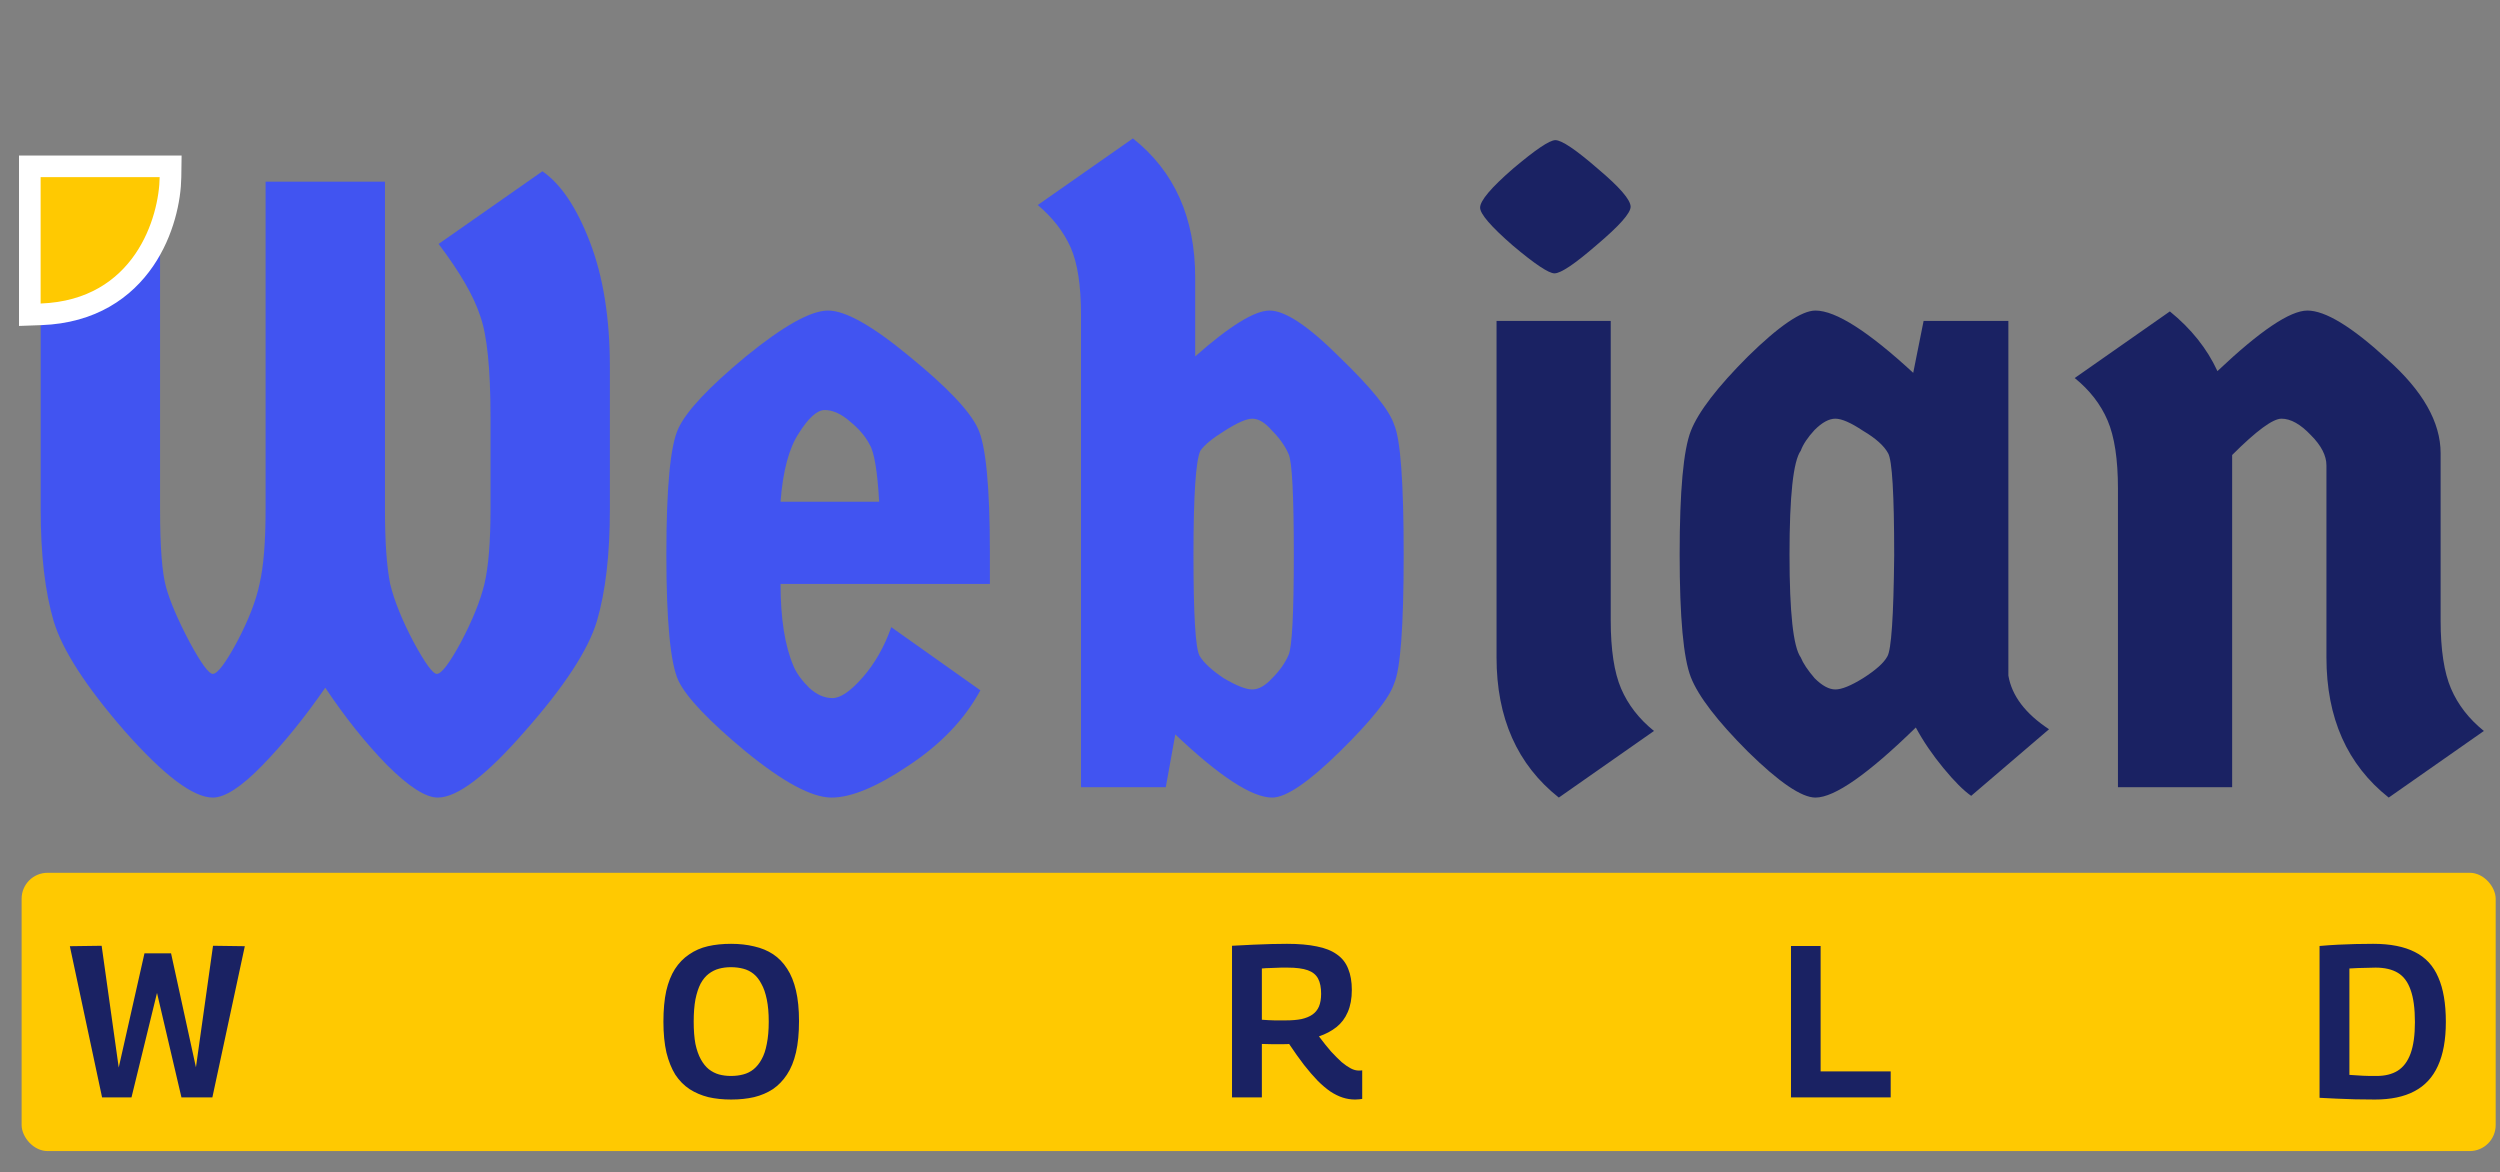 <svg width="578" height="271" viewBox="0 0 578 271" fill="none" xmlns="http://www.w3.org/2000/svg">
<rect x="0" y="0" width="578" height="271" fill="#808080" stroke="none"/>
<path d="M89.005 42V117.8C89.005 125.267 89.405 131 90.205 135C91.139 138.867 92.939 143.333 95.605 148.4C98.272 153.333 100.072 155.8 101.005 155.8C102.072 155.8 103.939 153.333 106.605 148.4C109.272 143.333 111.072 138.867 112.005 135C112.939 131 113.405 125.267 113.405 117.8V96.4C113.405 85.2 112.605 77.4 111.005 73C109.539 68.467 106.339 62.933 101.405 56.4L125.405 39.6C129.672 42.533 133.339 48 136.405 56C139.472 64 141.005 73.6 141.005 84.8V117.8C141.005 128.2 140.005 136.8 138.005 143.6C136.005 150.267 130.472 158.733 121.405 169C112.472 179.267 105.739 184.4 101.205 184.4C98.405 184.4 94.472 181.867 89.405 176.8C84.472 171.733 79.739 165.8 75.205 159C70.405 165.933 65.539 171.933 60.605 177C55.805 181.933 52.005 184.4 49.205 184.4C44.672 184.4 37.872 179.267 28.805 169C19.872 158.733 14.405 150.267 12.405 143.6C10.405 136.8 9.405 128.2 9.405 117.8V42H37.005V117.8C37.005 126.467 37.472 132.467 38.405 135.8C39.339 139.133 41.139 143.333 43.805 148.4C46.472 153.333 48.272 155.8 49.205 155.8C50.272 155.8 52.139 153.333 54.805 148.4C57.472 143.333 59.205 138.867 60.005 135C60.939 131 61.405 125.267 61.405 117.8V42H89.005ZM228.862 127.8V135H180.462C180.462 143 181.462 149.333 183.462 154C184.128 155.6 185.328 157.267 187.062 159C188.795 160.6 190.595 161.4 192.462 161.4C194.328 161.4 196.662 159.8 199.462 156.6C202.262 153.4 204.462 149.533 206.062 145L226.662 159.6C223.062 166.267 217.528 172.067 210.062 177C202.728 181.933 196.795 184.4 192.262 184.4C187.728 184.4 181.128 180.867 172.462 173.8C163.928 166.733 158.728 161.267 156.862 157.4C154.995 153.4 154.062 143.667 154.062 128.2C154.062 112.6 154.995 102.867 156.862 99C158.728 95 163.928 89.467 172.462 82.4C181.128 75.333 187.462 71.8 191.462 71.8C195.462 71.8 201.728 75.333 210.262 82.4C218.928 89.467 224.195 95 226.062 99C227.928 102.867 228.862 112.467 228.862 127.8ZM201.062 102.8C200.128 100.933 198.595 99.133 196.462 97.4C194.462 95.667 192.528 94.8 190.662 94.8C188.928 94.8 186.928 96.6 184.662 100.2C182.395 103.667 180.995 108.933 180.462 116H203.262C202.862 108.933 202.128 104.533 201.062 102.8ZM249.929 182V72.8C249.929 66 249.129 60.8 247.529 57.2C245.929 53.6 243.395 50.333 239.929 47.4L261.929 32C271.529 39.6 276.329 50.333 276.329 64.2V82.4C284.329 75.333 290.062 71.8 293.529 71.8C297.129 71.8 302.529 75.4 309.729 82.6C317.062 89.667 321.262 94.867 322.329 98.2C323.795 101.533 324.529 111.533 324.529 128.2C324.529 144.733 323.795 154.667 322.329 158C321.262 161.333 317.062 166.6 309.729 173.8C302.529 180.867 297.329 184.4 294.129 184.4C289.462 184.4 281.995 179.533 271.729 169.8L269.529 182H249.929ZM277.329 151.6C278.262 153.2 280.129 154.933 282.929 156.8C285.862 158.533 288.062 159.4 289.529 159.4C290.995 159.4 292.529 158.533 294.129 156.8C295.862 155.067 297.129 153.267 297.929 151.4C298.729 149.533 299.129 141.8 299.129 128.2C299.129 114.467 298.729 106.733 297.929 105C297.129 103.133 295.862 101.333 294.129 99.6C292.529 97.733 290.995 96.8 289.529 96.8C288.195 96.8 286.062 97.733 283.129 99.6C280.329 101.333 278.462 102.867 277.529 104.2C276.462 106.467 275.929 114.533 275.929 128.4C275.929 142.133 276.395 149.867 277.329 151.6Z" fill="#4154F1"/>
<rect x="5" y="201.788" width="572" height="64.338" rx="6" fill="#FFC901"/>
<path d="M346 74.2H372.4V143.4C372.4 150.2 373.2 155.467 374.8 159.2C376.4 162.933 378.933 166.2 382.4 169L360.4 184.4C350.8 176.8 346 166 346 152V74.2ZM359.6 32.4C361.067 32.4 364.333 34.6 369.4 39C374.467 43.267 377 46.2 377 47.8C377 49.267 374.4 52.2 369.2 56.6C364.133 61 360.867 63.2 359.4 63.2C358.067 63.2 354.867 61.067 349.8 56.8C344.733 52.4 342.2 49.467 342.2 48C342.2 46.4 344.733 43.4 349.8 39C355 34.6 358.267 32.4 359.6 32.4ZM464.336 74.2V156.2C465.136 160.867 468.269 165 473.736 168.6L455.736 184C454.003 182.8 451.869 180.667 449.336 177.6C446.803 174.533 444.669 171.4 442.936 168.2C431.869 179 424.136 184.4 419.736 184.4C416.536 184.4 411.336 180.867 404.136 173.8C397.069 166.733 392.669 161 390.936 156.6C389.203 152.2 388.336 142.733 388.336 128.2C388.336 113.533 389.203 104 390.936 99.6C392.669 95.2 397.069 89.467 404.136 82.4C411.336 75.333 416.536 71.8 419.736 71.8C424.403 71.8 431.936 76.6 442.336 86.2L444.736 74.2H464.336ZM436.536 104.8C435.603 103.067 433.669 101.333 430.736 99.6C427.936 97.733 425.803 96.8 424.336 96.8C422.869 96.8 421.269 97.667 419.536 99.4C417.936 101.133 416.869 102.733 416.336 104.2C414.603 106.6 413.736 114.6 413.736 128.2C413.736 141.667 414.603 149.6 416.336 152C416.869 153.333 417.936 154.933 419.536 156.8C421.269 158.533 422.869 159.4 424.336 159.4C425.803 159.4 427.936 158.533 430.736 156.8C433.669 154.933 435.536 153.267 436.336 151.8C437.269 150.333 437.803 142.533 437.936 128.4C437.936 114.267 437.469 106.4 436.536 104.8ZM516.072 182H489.672V113C489.672 106.2 488.872 100.933 487.272 97.2C485.672 93.467 483.139 90.2 479.672 87.4L501.672 72C506.605 76 510.272 80.6 512.672 85.8C522.539 76.467 529.472 71.8 533.472 71.8C537.605 71.8 543.739 75.533 551.872 83C560.139 90.333 564.272 97.6 564.272 104.8V143.4C564.272 150.2 565.072 155.467 566.672 159.2C568.272 162.933 570.805 166.2 574.272 169L552.272 184.4C542.672 176.8 537.872 166 537.872 152V107.6C537.872 105.333 536.672 103 534.272 100.6C531.872 98.067 529.605 96.8 527.472 96.8C525.472 96.8 521.672 99.6 516.072 105.2V182Z" fill="#1A2263"/>
<path d="M9.436 38.455L6.893 38.455L6.893 40.974L6.893 70.218L6.893 72.766L9.466 72.673C21.219 72.245 28.786 66.784 33.344 60.117C37.82 53.569 39.349 45.949 39.417 40.945L39.451 38.455L36.937 38.455L9.436 38.455Z" fill="#FFC901" stroke="white" stroke-width="5"/>
<path d="M49.1 253.712H41.95L36.3 229.562L30.4 253.712H23.6L16.15 218.762L23.5 218.662L27.45 246.812L33.4 220.412H39.55L45.3 246.762L49.25 218.662L56.6 218.762L49.1 253.712ZM168.982 248.762C170.015 248.762 170.965 248.646 171.832 248.412C172.732 248.179 173.532 247.779 174.232 247.212C174.965 246.612 175.582 245.846 176.082 244.912C176.615 243.979 177.015 242.796 177.282 241.362C177.582 239.896 177.732 238.179 177.732 236.212C177.732 234.212 177.582 232.496 177.282 231.062C176.982 229.596 176.565 228.396 176.032 227.462C175.532 226.496 174.932 225.729 174.232 225.162C173.532 224.596 172.732 224.196 171.832 223.962C170.932 223.729 169.982 223.612 168.982 223.612C168.015 223.612 167.099 223.729 166.232 223.962C165.365 224.196 164.565 224.596 163.832 225.162C163.132 225.696 162.515 226.446 161.982 227.412C161.482 228.379 161.082 229.596 160.782 231.062C160.515 232.496 160.382 234.212 160.382 236.212C160.382 238.212 160.515 239.929 160.782 241.362C161.082 242.762 161.499 243.946 162.032 244.912C162.565 245.879 163.182 246.646 163.882 247.212C164.615 247.779 165.399 248.179 166.232 248.412C167.099 248.646 168.015 248.762 168.982 248.762ZM169.032 254.212C167.132 254.212 165.382 254.029 163.782 253.662C162.182 253.262 160.732 252.646 159.432 251.812C158.132 250.946 157.032 249.829 156.132 248.462C155.265 247.062 154.582 245.362 154.082 243.362C153.615 241.329 153.382 238.946 153.382 236.212C153.382 233.479 153.599 231.112 154.032 229.112C154.499 227.112 155.165 225.429 156.032 224.062C156.932 222.662 158.032 221.529 159.332 220.662C160.632 219.762 162.082 219.129 163.682 218.762C165.282 218.396 167.065 218.212 169.032 218.212C170.965 218.212 172.749 218.412 174.382 218.812C176.015 219.179 177.465 219.779 178.732 220.612C179.999 221.446 181.082 222.562 181.982 223.962C182.882 225.329 183.565 227.012 184.032 229.012C184.499 231.012 184.732 233.362 184.732 236.062C184.732 238.862 184.499 241.279 184.032 243.312C183.565 245.346 182.865 247.062 181.932 248.462C181.032 249.829 179.949 250.946 178.682 251.812C177.415 252.646 175.965 253.262 174.332 253.662C172.732 254.029 170.965 254.212 169.032 254.212ZM313.293 254.212C312.326 254.212 311.376 254.062 310.443 253.762C309.51 253.462 308.56 252.996 307.593 252.362C306.626 251.696 305.643 250.862 304.643 249.862C303.643 248.829 302.593 247.612 301.493 246.212C300.393 244.779 299.243 243.162 298.043 241.362C297.81 241.396 297.443 241.412 296.943 241.412C296.476 241.412 296.126 241.412 295.893 241.412C295.26 241.412 294.576 241.412 293.843 241.412C293.143 241.412 292.443 241.396 291.743 241.362V253.712H284.843V218.662C286.643 218.562 288.276 218.479 289.743 218.412C291.243 218.346 292.626 218.296 293.893 218.262C295.193 218.229 296.41 218.212 297.543 218.212C300.243 218.212 302.543 218.412 304.443 218.812C306.343 219.179 307.893 219.796 309.093 220.662C310.293 221.496 311.16 222.596 311.693 223.962C312.26 225.329 312.543 226.962 312.543 228.862C312.543 230.862 312.226 232.579 311.593 234.012C310.993 235.412 310.126 236.562 308.993 237.462C307.86 238.362 306.51 239.079 304.943 239.612C305.943 240.946 306.876 242.112 307.743 243.112C308.643 244.079 309.46 244.896 310.193 245.562C310.96 246.196 311.66 246.679 312.293 247.012C312.926 247.346 313.543 247.512 314.143 247.512C314.243 247.512 314.36 247.512 314.493 247.512C314.66 247.479 314.81 247.462 314.943 247.462V254.062C314.743 254.096 314.51 254.129 314.243 254.162C313.976 254.196 313.66 254.212 313.293 254.212ZM297.343 235.912C298.71 235.912 299.893 235.812 300.893 235.612C301.926 235.379 302.776 235.029 303.443 234.562C304.11 234.096 304.61 233.479 304.943 232.712C305.276 231.912 305.443 230.929 305.443 229.762C305.443 228.296 305.21 227.129 304.743 226.262C304.276 225.362 303.476 224.712 302.343 224.312C301.21 223.912 299.66 223.712 297.693 223.712C297.126 223.712 296.626 223.712 296.193 223.712C295.76 223.712 295.326 223.729 294.893 223.762C294.493 223.762 294.043 223.779 293.543 223.812C293.043 223.812 292.443 223.846 291.743 223.912V235.762C292.31 235.796 292.826 235.829 293.293 235.862C293.76 235.862 294.21 235.879 294.643 235.912C295.11 235.912 295.543 235.912 295.943 235.912C296.376 235.912 296.843 235.912 297.343 235.912ZM414.077 253.712V218.712H420.927V247.712H437.127V253.712H414.077ZM549.08 254.212C547.514 254.212 545.997 254.196 544.53 254.162C543.097 254.129 541.697 254.079 540.33 254.012C538.964 253.946 537.614 253.879 536.28 253.812V218.712C537.78 218.579 539.197 218.479 540.53 218.412C541.897 218.346 543.247 218.296 544.58 218.262C545.914 218.229 547.28 218.212 548.68 218.212C552.647 218.212 555.864 218.846 558.33 220.112C560.797 221.346 562.597 223.296 563.73 225.962C564.897 228.596 565.48 232.029 565.48 236.262C565.48 240.396 564.864 243.796 563.63 246.462C562.43 249.096 560.614 251.046 558.18 252.312C555.78 253.579 552.747 254.212 549.08 254.212ZM549.48 248.762C551.414 248.762 553.03 248.362 554.33 247.562C555.664 246.729 556.664 245.396 557.33 243.562C557.997 241.729 558.33 239.312 558.33 236.312C558.33 233.179 557.997 230.696 557.33 228.862C556.697 227.029 555.714 225.712 554.38 224.912C553.047 224.112 551.33 223.712 549.23 223.712C548.63 223.712 547.964 223.729 547.23 223.762C546.53 223.762 545.83 223.779 545.13 223.812C544.464 223.846 543.814 223.879 543.18 223.912V248.512C543.68 248.546 544.197 248.579 544.73 248.612C545.264 248.646 545.797 248.679 546.33 248.712C546.864 248.712 547.397 248.729 547.93 248.762C548.464 248.762 548.98 248.762 549.48 248.762Z" fill="#1A2263"/>
</svg>

+ + + + +

• [Exercise]:
List every line above containing the word "stroke".

• [Completed task]:
<rect x="0" y="0" width="578" height="271" fill="#808080" stroke="none"/>
<path d="M9.436 38.455L6.893 38.455L6.893 40.974L6.893 70.218L6.893 72.766L9.466 72.673C21.219 72.245 28.786 66.784 33.344 60.117C37.82 53.569 39.349 45.949 39.417 40.945L39.451 38.455L36.937 38.455L9.436 38.455Z" fill="#FFC901" stroke="white" stroke-width="5"/>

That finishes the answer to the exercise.